Внезапно Дэмон понял, что он рыдает: частые, икающие всхлипывания сотрясали его плечи. Он плакал, как десятилетний мальчишка. «О, Дев, — бормотал он невнятно, — прости меня. Ради всего святого, прости меня, Дев». Через две-три минуты, стыдясь самого себя, Дэмон успокоился, достал носовой платок и вытер им глаза и лицо. Потом он снова повалился на сено и долго смотрел на небо, отыскивая на нем первые мерцающие звезды.
Нет, он не годится для войны. Он недостаточно тверд. Ему бы надо быть таким, как Вейберн или Колдуэлл. А еще лучше, пожалуй, быть таким жестоким, как Меррик. Тот издевательски говорит об убитых из своей роты, дико хохочет, когда расстреливает пленных. Но это лучше, чем плакать вот так; каким бы ни быть, все равно это лучше, чем плакать. Нет, до настоящего солдата ему далеко. Он хорош только в бою, но бой ведь не вечен. А сейчас его сковал страх. В такие моменты он вспоминает каждую смерть, каждого потерянного в бою, как будто каждый из них — это оторванный от него самого кусок плоти. Один за другим они встают в его памяти; как на гребне волны, приближаются к нему в предсмертной агонии: задыхающийся в жарких сумерках ван Гельдер, медленно двигающиеся под веками полные невыносимой муки глаза Джейсона, развороченная грудь Кразевского, Фергасон, Тэрнер, Клей, Пеллитьер, Дев…

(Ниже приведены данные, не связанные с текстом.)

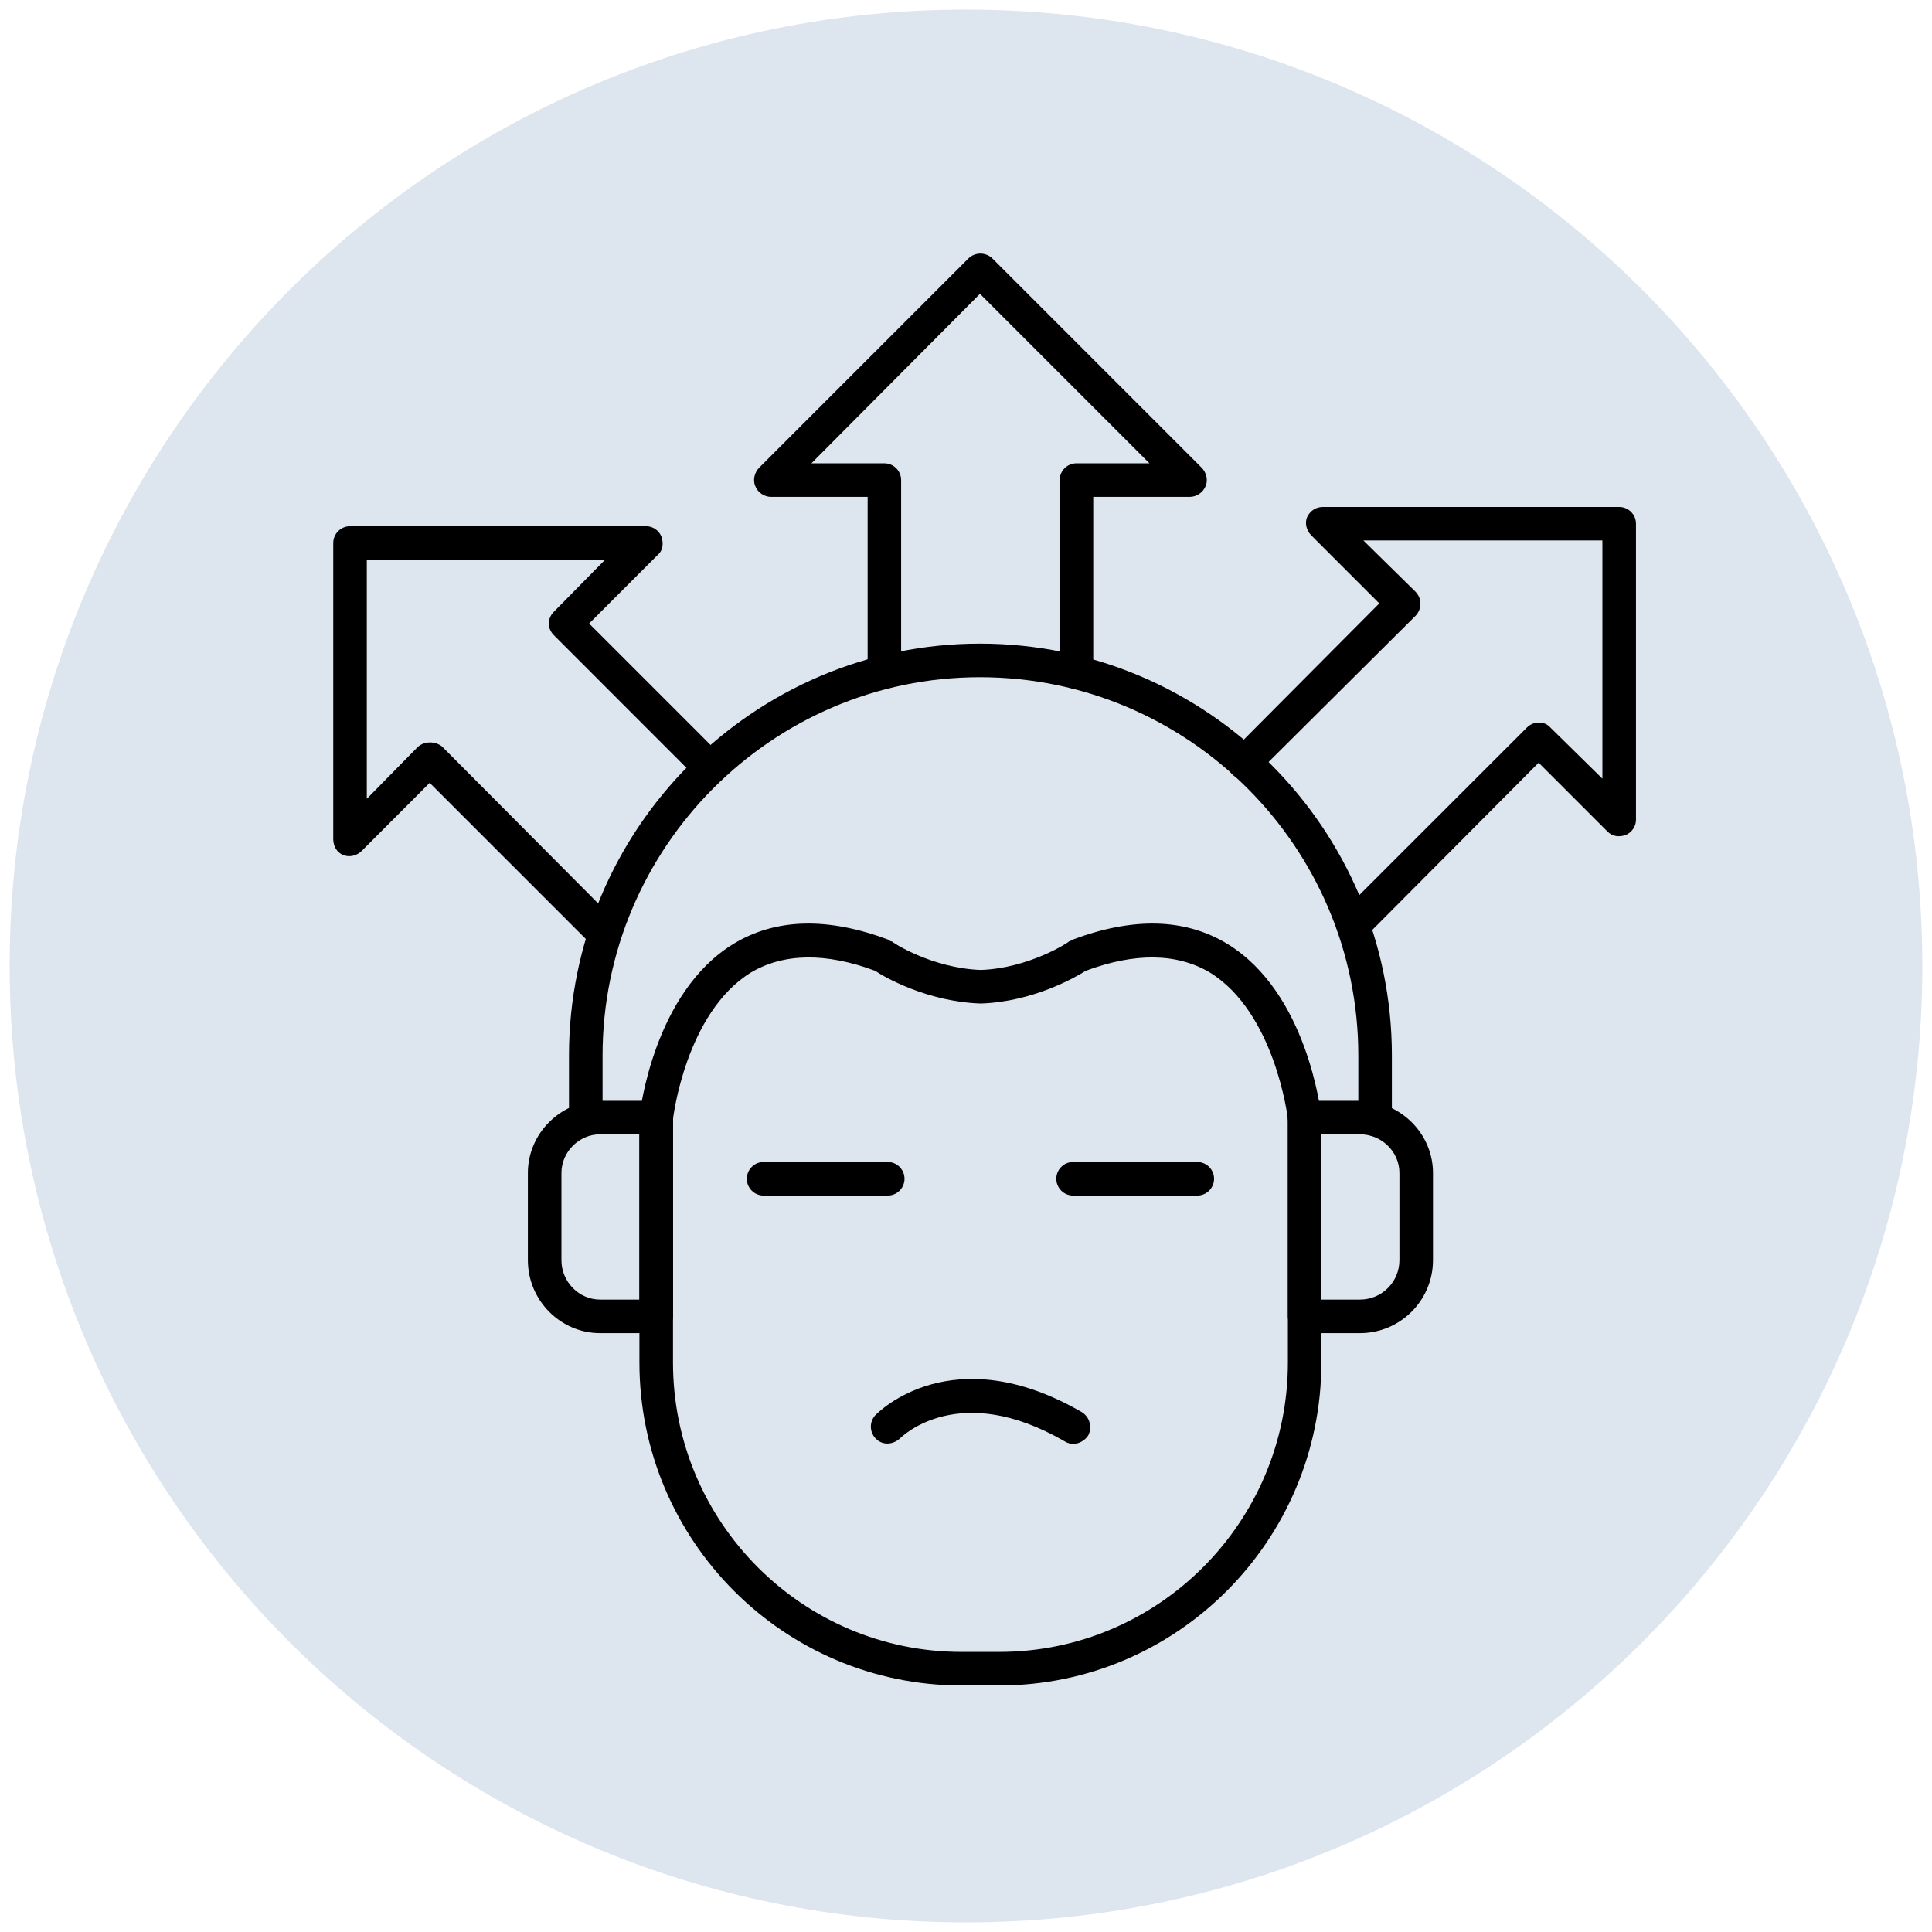 <svg xmlns="http://www.w3.org/2000/svg" xmlns:xlink="http://www.w3.org/1999/xlink" width="140" zoomAndPan="magnify" viewBox="0 0 104.88 105" height="140" preserveAspectRatio="xMidYMid meet" version="1.0"><defs><clipPath id="8936fc3040"><path d="M 0.465 0.523 L 104.414 0.523 L 104.414 104.477 L 0.465 104.477 Z M 0.465 0.523 " clip-rule="nonzero"/></clipPath><clipPath id="b6b6c56aa5"><path d="M 52.441 0.523 C 23.734 0.523 0.465 23.793 0.465 52.5 C 0.465 81.207 23.734 104.477 52.441 104.477 C 81.145 104.477 104.414 81.207 104.414 52.5 C 104.414 23.793 81.145 0.523 52.441 0.523 Z M 52.441 0.523 " clip-rule="nonzero"/></clipPath><clipPath id="0e9e247514"><path d="M 4.578 4.637 L 100.301 4.637 L 100.301 100.363 L 4.578 100.363 Z M 4.578 4.637 " clip-rule="nonzero"/></clipPath><clipPath id="ea9f10d2c5"><path d="M 52.441 4.637 C 26.008 4.637 4.578 26.066 4.578 52.5 C 4.578 78.934 26.008 100.363 52.441 100.363 C 78.875 100.363 100.301 78.934 100.301 52.5 C 100.301 26.066 78.875 4.637 52.441 4.637 Z M 52.441 4.637 " clip-rule="nonzero"/></clipPath><clipPath id="aed92faffc"><path d="M 34 59 L 72 59 L 72 91.602 L 34 91.602 Z M 34 59 " clip-rule="nonzero"/></clipPath><clipPath id="a832778897"><path d="M 40 13.691 L 66 13.691 L 66 38 L 40 38 Z M 40 13.691 " clip-rule="nonzero"/></clipPath></defs><g clip-path="url(#8936fc3040)"><g clip-path="url(#b6b6c56aa5)"><path fill="#dde5ee" d="M 0.465 0.523 L 104.414 0.523 L 104.414 104.477 L 0.465 104.477 Z M 0.465 0.523 " fill-opacity="1" fill-rule="nonzero"/></g></g><g clip-path="url(#0e9e247514)"><g clip-path="url(#ea9f10d2c5)"><path fill="#dde5ee" d="M 4.578 4.637 L 100.301 4.637 L 100.301 100.363 L 4.578 100.363 Z M 4.578 4.637 " fill-opacity="1" fill-rule="nonzero"/></g></g><g clip-path="url(#aed92faffc)"><path fill="#000000" d="M 54.25 91.602 L 52.199 91.602 C 42.531 91.602 34.691 83.715 34.691 74.051 L 34.691 60.738 C 34.691 60.238 35.102 59.828 35.605 59.828 C 36.105 59.828 36.516 60.238 36.516 60.738 L 36.516 74.051 C 36.516 82.711 43.535 89.777 52.199 89.777 L 54.25 89.777 C 62.91 89.777 69.934 82.711 69.934 74.051 L 69.934 60.738 C 69.934 60.238 70.344 59.828 70.844 59.828 C 71.344 59.828 71.754 60.238 71.754 60.738 L 71.754 74.051 C 71.754 83.715 63.914 91.602 54.25 91.602 Z M 54.25 91.602 " fill-opacity="1" fill-rule="evenodd"/></g><path fill="#000000" d="M 73.852 72.453 L 70.844 72.453 C 70.344 72.453 69.934 72.043 69.934 71.543 L 69.934 60.738 C 69.934 60.238 70.344 59.828 70.844 59.828 L 73.852 59.828 C 76.039 59.828 77.82 61.605 77.82 63.746 L 77.82 68.488 C 77.82 70.676 76.039 72.453 73.852 72.453 Z M 71.754 70.629 L 73.852 70.629 C 75.039 70.629 75.996 69.672 75.996 68.488 L 75.996 63.746 C 75.996 62.605 75.039 61.648 73.852 61.648 L 71.754 61.648 Z M 71.754 70.629 " fill-opacity="1" fill-rule="evenodd"/><path fill="#000000" d="M 35.605 72.453 L 32.551 72.453 C 30.406 72.453 28.629 70.676 28.629 68.488 L 28.629 63.746 C 28.629 61.605 30.406 59.828 32.551 59.828 L 35.605 59.828 C 36.105 59.828 36.516 60.238 36.516 60.738 L 36.516 71.543 C 36.516 72.043 36.105 72.453 35.605 72.453 Z M 32.551 61.648 C 31.41 61.648 30.453 62.605 30.453 63.746 L 30.453 68.488 C 30.453 69.672 31.41 70.629 32.551 70.629 L 34.691 70.629 L 34.691 61.648 Z M 32.551 61.648 " fill-opacity="1" fill-rule="evenodd"/><path fill="#000000" d="M 35.605 61.648 C 35.559 61.648 35.512 61.648 35.512 61.648 C 35.012 61.605 34.645 61.148 34.691 60.648 C 34.738 60.375 35.469 53.945 39.797 51.301 C 42.121 49.887 44.949 49.844 48.23 51.074 C 48.277 51.117 48.324 51.164 48.414 51.164 C 48.414 51.211 50.602 52.625 53.246 52.715 C 55.844 52.625 58.035 51.211 58.035 51.164 C 58.078 51.164 58.172 51.117 58.215 51.074 C 61.496 49.844 64.324 49.887 66.648 51.301 C 70.98 53.945 71.711 60.375 71.754 60.648 C 71.801 61.148 71.438 61.605 70.934 61.648 C 70.434 61.695 70.023 61.332 69.934 60.828 C 69.934 60.785 69.25 55.039 65.691 52.852 C 63.914 51.801 61.637 51.758 58.945 52.762 C 58.445 53.078 56.117 54.445 53.246 54.539 C 50.328 54.445 47.957 53.078 47.504 52.762 C 44.812 51.758 42.531 51.801 40.754 52.852 C 37.199 55.039 36.516 60.785 36.516 60.828 C 36.469 61.285 36.059 61.648 35.605 61.648 Z M 35.605 61.648 " fill-opacity="1" fill-rule="evenodd"/><path fill="#000000" d="M 74.672 61.742 C 74.172 61.742 73.762 61.375 73.762 60.828 L 73.762 57.363 C 73.762 46.059 64.551 36.805 53.199 36.805 C 41.895 36.805 32.688 46.059 32.688 57.363 L 32.688 60.738 C 32.688 61.238 32.277 61.648 31.773 61.648 C 31.227 61.648 30.863 61.238 30.863 60.738 L 30.863 57.363 C 30.863 45.055 40.891 34.98 53.199 34.98 C 65.555 34.98 75.586 45.055 75.586 57.363 L 75.586 60.828 C 75.586 61.375 75.176 61.742 74.672 61.742 Z M 74.672 61.742 " fill-opacity="1" fill-rule="evenodd"/><g clip-path="url(#a832778897)"><path fill="#000000" d="M 58.445 37.441 C 57.941 37.441 57.531 37.078 57.531 36.531 L 57.531 26.09 C 57.531 25.59 57.941 25.18 58.445 25.18 L 62.41 25.18 L 53.199 15.969 L 44.039 25.18 L 48.004 25.18 C 48.504 25.18 48.914 25.59 48.914 26.09 L 48.914 36.348 C 48.914 36.848 48.504 37.262 48.004 37.262 C 47.504 37.262 47.094 36.848 47.094 36.348 L 47.094 27.004 L 41.848 27.004 C 41.484 27.004 41.121 26.773 40.984 26.41 C 40.848 26.09 40.938 25.68 41.211 25.406 L 52.562 14.055 C 52.926 13.691 53.52 13.691 53.883 14.055 L 65.234 25.406 C 65.512 25.68 65.602 26.09 65.465 26.41 C 65.328 26.773 64.961 27.004 64.598 27.004 L 59.355 27.004 L 59.355 36.531 C 59.355 37.078 58.945 37.441 58.445 37.441 Z M 58.445 37.441 " fill-opacity="1" fill-rule="evenodd"/></g><path fill="#000000" d="M 73.488 51.211 C 73.262 51.211 73.031 51.117 72.848 50.938 C 72.484 50.57 72.484 49.98 72.848 49.613 L 82.926 39.539 C 83.289 39.176 83.883 39.176 84.199 39.539 L 87.027 42.32 L 87.027 29.371 L 74.035 29.371 L 76.863 32.152 C 77.043 32.336 77.137 32.562 77.137 32.793 C 77.137 33.066 77.043 33.293 76.863 33.477 L 68.199 42.094 C 67.879 42.457 67.289 42.457 66.922 42.094 C 66.559 41.727 66.559 41.18 66.922 40.816 L 74.902 32.793 L 71.207 29.098 C 70.934 28.824 70.844 28.414 70.98 28.098 C 71.164 27.73 71.48 27.551 71.848 27.551 L 87.938 27.551 C 88.441 27.551 88.852 27.961 88.852 28.461 L 88.852 44.555 C 88.852 44.918 88.625 45.238 88.305 45.375 C 87.938 45.512 87.574 45.465 87.301 45.191 L 83.562 41.453 L 74.125 50.938 C 73.945 51.117 73.715 51.211 73.488 51.211 Z M 73.488 51.211 " fill-opacity="1" fill-rule="evenodd"/><path fill="#000000" d="M 32.688 51.527 C 32.457 51.527 32.23 51.438 32.047 51.301 L 23.293 42.547 L 19.602 46.242 C 19.328 46.516 18.918 46.605 18.598 46.469 C 18.234 46.332 18.051 45.969 18.051 45.602 L 18.051 29.512 C 18.051 29.008 18.461 28.598 18.965 28.598 L 35.059 28.598 C 35.422 28.598 35.742 28.824 35.879 29.145 C 36.016 29.512 35.969 29.922 35.695 30.148 L 31.957 33.887 L 39.16 41.09 C 39.523 41.453 39.523 42 39.16 42.367 C 38.793 42.73 38.246 42.73 37.883 42.367 L 30.043 34.523 C 29.676 34.16 29.676 33.613 30.043 33.246 L 32.824 30.422 L 19.875 30.422 L 19.875 43.414 L 22.656 40.586 C 23.02 40.27 23.613 40.27 23.98 40.586 L 33.324 49.98 C 33.688 50.344 33.688 50.938 33.324 51.301 C 33.188 51.438 32.914 51.527 32.688 51.527 Z M 32.688 51.527 " fill-opacity="1" fill-rule="evenodd"/><path fill="#000000" d="M 48.188 64.977 L 41.438 64.977 C 40.938 64.977 40.527 64.566 40.527 64.066 C 40.527 63.562 40.938 63.152 41.438 63.152 L 48.188 63.152 C 48.688 63.152 49.098 63.562 49.098 64.066 C 49.098 64.566 48.688 64.977 48.188 64.977 Z M 48.188 64.977 " fill-opacity="1" fill-rule="evenodd"/><path fill="#000000" d="M 65.008 64.977 L 58.262 64.977 C 57.758 64.977 57.348 64.566 57.348 64.066 C 57.348 63.562 57.758 63.152 58.262 63.152 L 65.008 63.152 C 65.512 63.152 65.922 63.562 65.922 64.066 C 65.922 64.566 65.512 64.977 65.008 64.977 Z M 65.008 64.977 " fill-opacity="1" fill-rule="evenodd"/><path fill="#000000" d="M 58.262 78.473 C 58.125 78.473 57.941 78.426 57.805 78.336 C 52.062 75.008 48.961 78.062 48.824 78.199 C 48.461 78.516 47.914 78.562 47.547 78.199 C 47.184 77.832 47.184 77.285 47.504 76.922 C 47.684 76.738 51.695 72.684 58.719 76.738 C 59.172 77.012 59.309 77.559 59.082 78.016 C 58.898 78.289 58.582 78.473 58.262 78.473 Z M 58.262 78.473 " fill-opacity="1" fill-rule="evenodd"/></svg>

Дэмон крепко, до боли, зажмурил глаза. Слушая рассказы Джорджа Верни и дяди Билла, он представлял себе одинаковую для всех опасность, мечтал о благородных жертвах, о возвышенной привязанности, которой не страшны никакие превратности судьбы… Вместо всего этого он встретился с грязью, убожеством и тяжелыми потерями. Он увидел все своими глазами и многое понял. Подавленный грустными размышлениями, Дэмон шел по пустынной вечерней улице. Он немного дрожал: влажная от сена одежда неприятно холодила все тело. Из-за угла впереди неожиданно вынырнули два французских солдата. Уменьшив шаг и нахмурив брови, Дэмон рассеянно наблюдал за ними. Ему показалось, что они выпили больше, чем следует, и он не мог не удивиться этому, потому что пьяный французский солдат на улице — явление довольно редкое. Внезапно солдаты остановились; тот, что поменьше ростом, схватил своего товарища за грудки и сказал ему что-то угрожающим тоном. Дэмон продолжал приближаться к ним. Низкорослый солдат побежал, второй догнал его, и оба пошли дальше нетвердой походкой.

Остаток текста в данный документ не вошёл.